When a Gc's underlying contents becomes unreachable, Alloy will call its finaliser, which means that drop is called on all the component types (in the same way that Rust automatically calls drop in an RAII context).

Finalisation order

To achieve Alloy's goal of making cyclic data structures easier to write, we made the decision to support the finalisation of objects with cycles. This means that no guarantees are made about the order in which finalisers are run. In order for this to be sound, you must not access other Gc objects from inside the drop method a Gc. Alloy ensures that this rule is followed by checking for potential misuses of drop at compile-time with Finaliser Safety Analysis (FSA). Consider the following example:

struct Node {
    next: Gc<usize>,
}

impl Drop for Node {
    fn drop(&mut self) {
        *self.next;
    }
}

fn main {
    let x = Gc::new(Node { Gc::new(123) });
}

If at any point you try to create Gc<Node>, such as in main above, Alloy will throw the following compiler error:

error: `Node { next: Gc::new(123) }` cannot be safely finalized.
  --> src/main.rs
   |
12 |     let x = Gc::new(Node { next: Gc::new(123) });
   |                     ^^^^^^^^^^^^^^^^^^^^^^^^^ has a drop method which cannot be safely finalized.
...
2  |         *self.next;
   |          ---------
   |          |
   |          caused by the expression here in `fn drop(&mut)` because
   |          it uses another `Gc` type.
   |
   = help: `Gc` finalizers are unordered, so this field may have already been dropped.
     It is not safe to dereference.

As this suggests, Finaliser Safety Analysis is only applied to a given drop method if its parent type is used in a Gc.

FSA is conservative and can rule out drop methods that a human can determine are in fact safe to be used as finalisers. For those situations you can unsafe impl the FinalizerSafe trait, which overrides FSA for a given type.
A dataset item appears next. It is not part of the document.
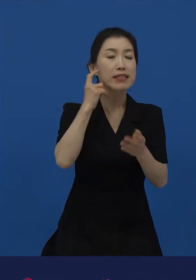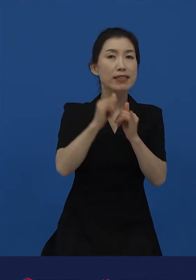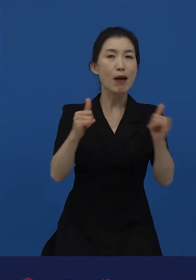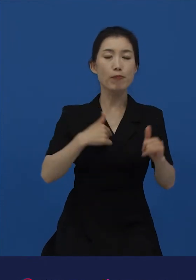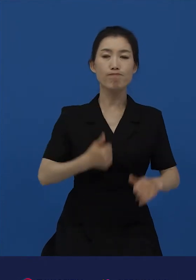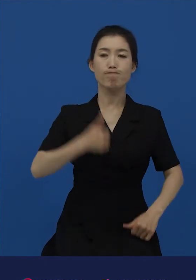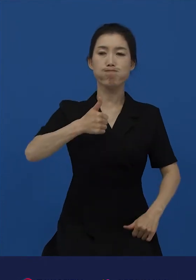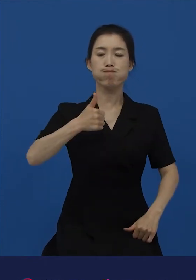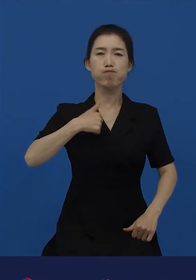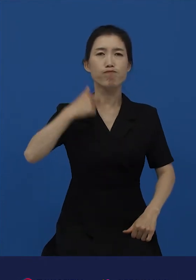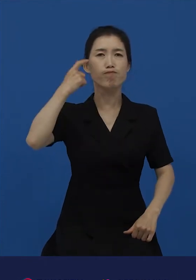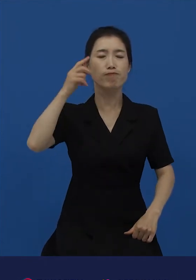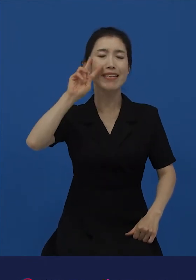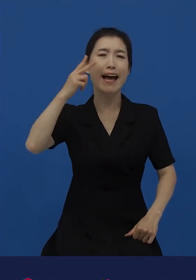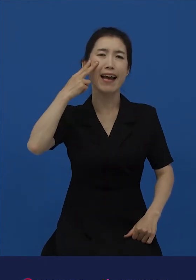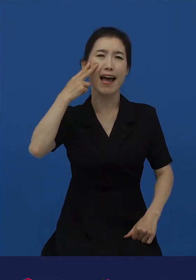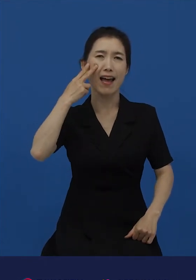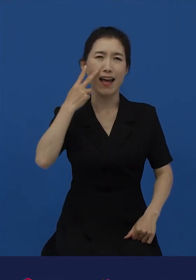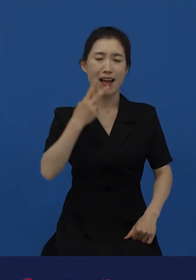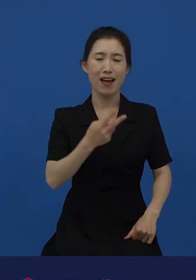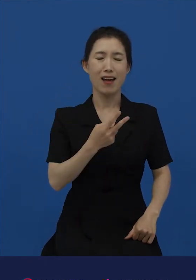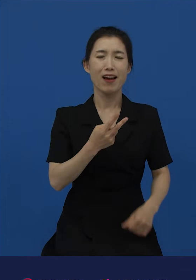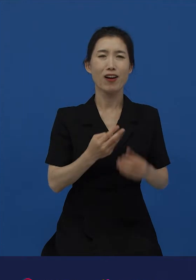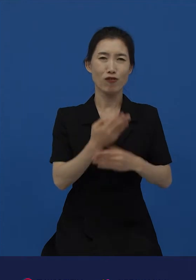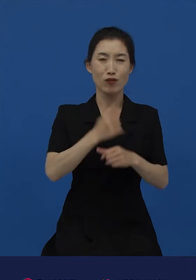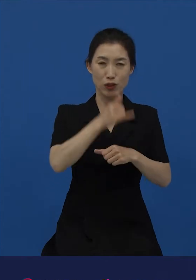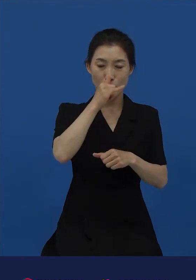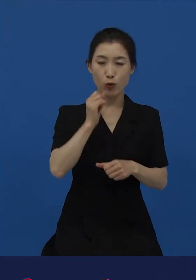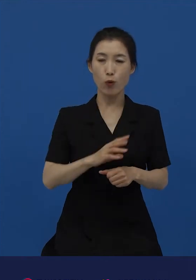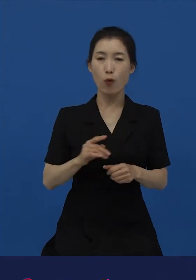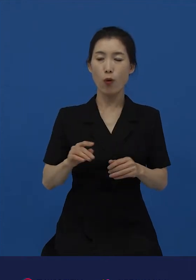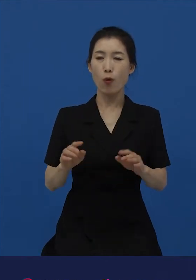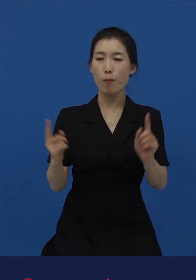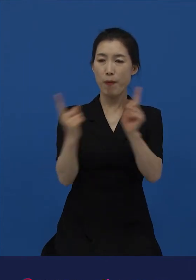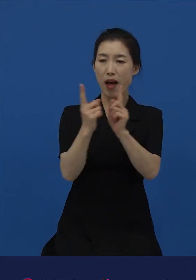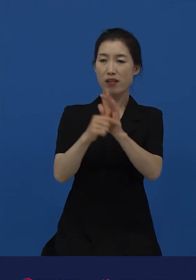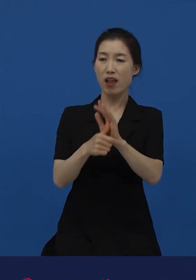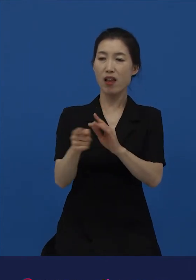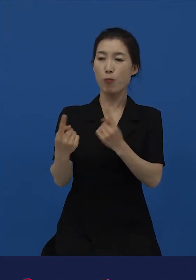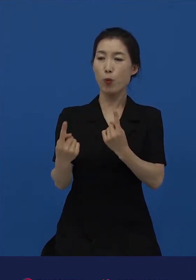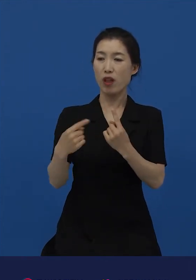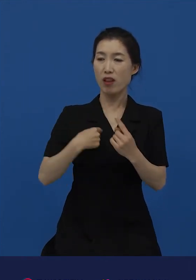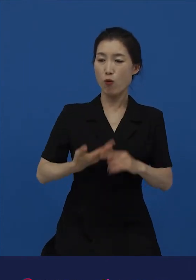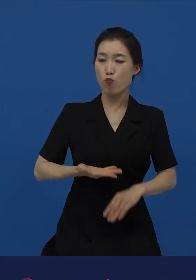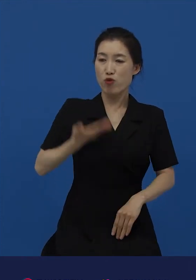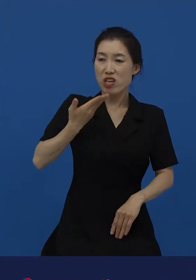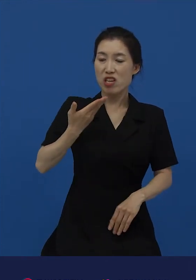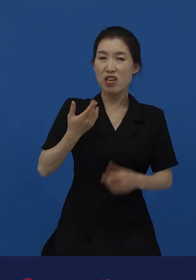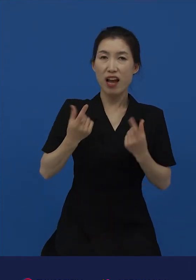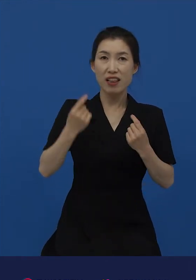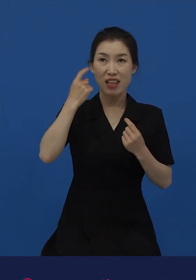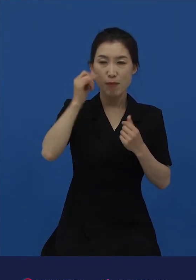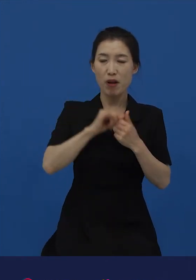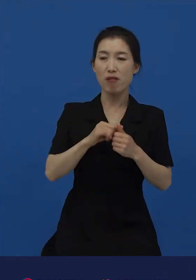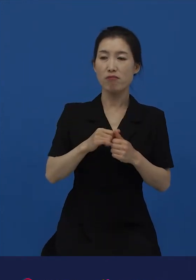자신이 위계의 어떤 위쪽에 존재한다라고 생각하는 관계에서는 당연히 반말을 쓰고
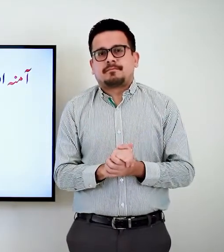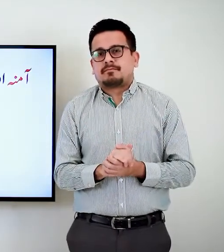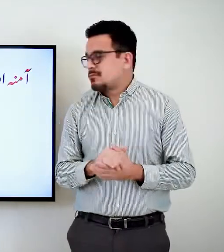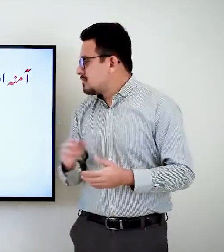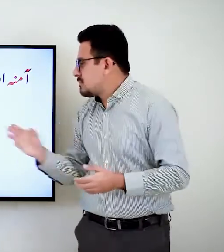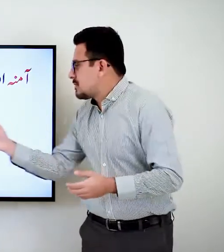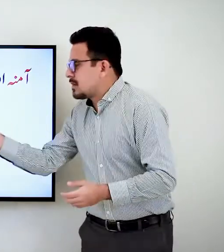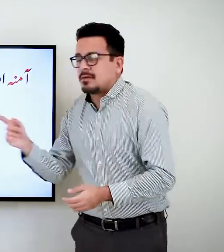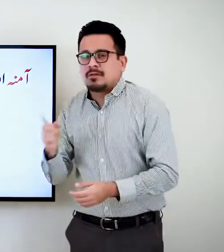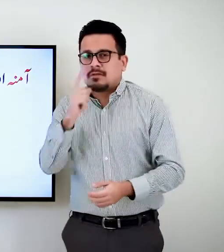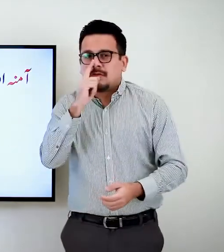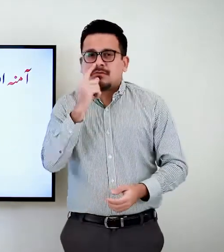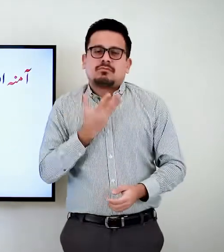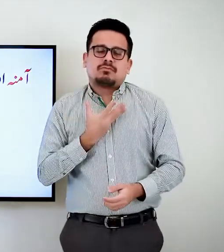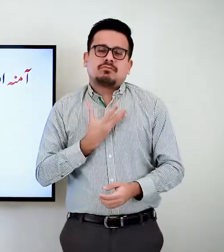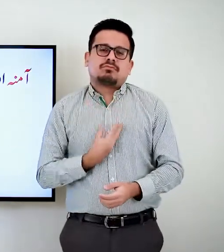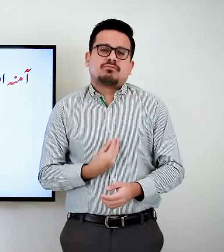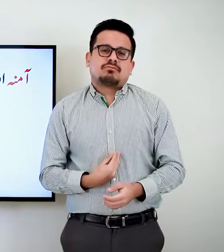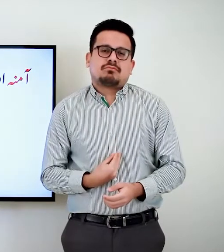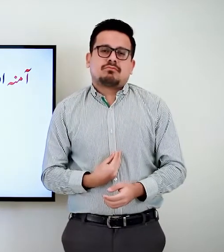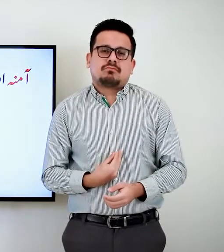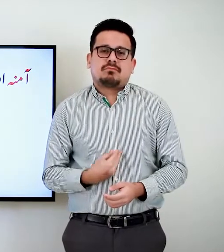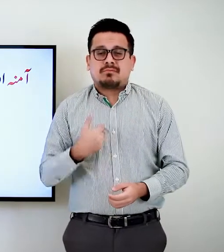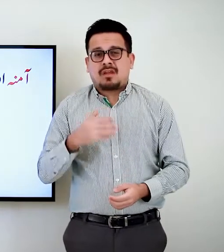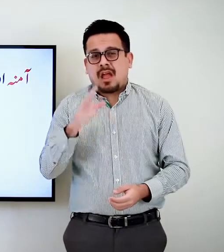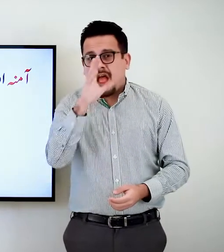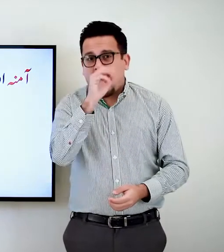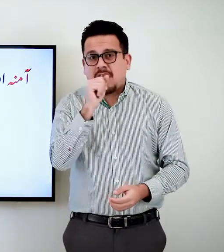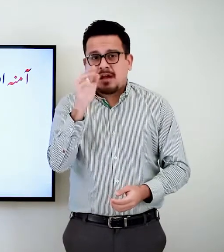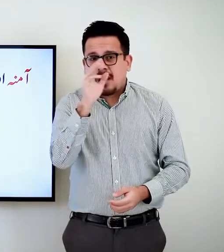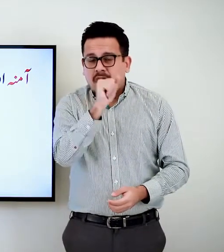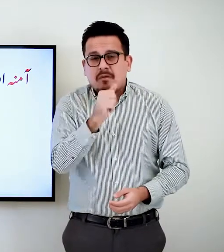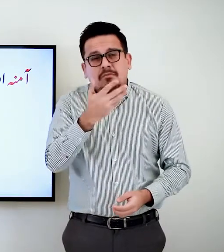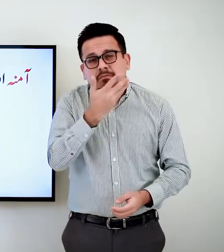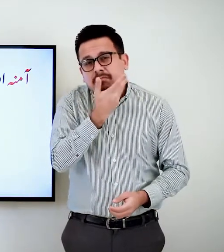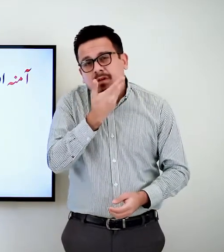आमना बहुत उदास हो गई क्योंकि इसको आम बहुत पसंद है

Concurrency-safe finalisation

Alloy runs finalisers on a dedicated finalisation thread. This is because finalisers can potentially run at any time during the execution of a Rust program, and if they try to acquire locks to shared data which is already being held, the program could crash or even deadlock. Finalising on a dedicated thread means that finalisation can wait safely until the user program no longer holds exclusive access. (See Destructors, Finalizers, and Synchronization for a more in-depth discussion of this issue).

However, in order to safely finalise objects on a separate thread, finalisers must access data in a thread-safe way. Alloy ensures that this happens at compile-time by using finaliser safety analysis to check that only values marked Send or Sync are used inside a drop method when used during finalisation.

Known limitations

  • Alloy is limited to x86-64 architectures.
  • Alloy uses the BDWGC's handlers for the SIGXCPU and SIGPWR signals to co-ordinate pausing threads so that GC can happen. It cannot be used with programs which also catch these signals.
  • Alloy does not support semi-conservative collection (i.e. precise tracing through heap allocated struct / enum fields).
  • Alloy has only been tested on Linux.

License

Rust is primarily distributed under the terms of both the MIT license and the Apache License (Version 2.0), with portions covered by various BSD-like licenses.

See LICENSE-APACHE, LICENSE-MIT, and COPYRIGHT for details.

Footnotes

  1. A concurrent collector is one where threads doing GC work can run at the same time as normal program (i.e. mutator) threads. A parallel garbage collector simply means that the garbage collection workload can be parallelised across multiple worker threads.